# Task goal
Every record should be written out again in full, with no character altered.

# Data for this exercise
•••••

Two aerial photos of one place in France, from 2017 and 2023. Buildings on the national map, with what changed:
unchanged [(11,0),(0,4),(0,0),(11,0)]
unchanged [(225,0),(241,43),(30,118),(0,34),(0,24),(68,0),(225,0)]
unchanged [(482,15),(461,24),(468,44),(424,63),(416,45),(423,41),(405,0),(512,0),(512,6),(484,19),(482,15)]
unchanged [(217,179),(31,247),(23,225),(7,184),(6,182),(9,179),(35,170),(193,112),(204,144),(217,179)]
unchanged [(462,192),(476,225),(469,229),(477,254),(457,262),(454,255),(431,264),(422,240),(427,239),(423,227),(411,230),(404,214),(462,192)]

•••••

# Answer box
Two aerial photos of one place in France, from 2017 and 2023. Buildings on the national map, with what changed:
unchanged [(11,0),(0,4),(0,0),(11,0)]
unchanged [(225,0),(241,43),(30,118),(0,34),(0,24),(68,0),(225,0)]
unchanged [(482,15),(461,24),(468,44),(424,63),(416,45),(423,41),(405,0),(512,0),(512,6),(484,19),(482,15)]
unchanged [(217,179),(31,247),(23,225),(7,184),(6,182),(9,179),(35,170),(193,112),(204,144),(217,179)]
unchanged [(462,192),(476,225),(469,229),(477,254),(457,262),(454,255),(431,264),(422,240),(427,239),(423,227),(411,230),(404,214),(462,192)]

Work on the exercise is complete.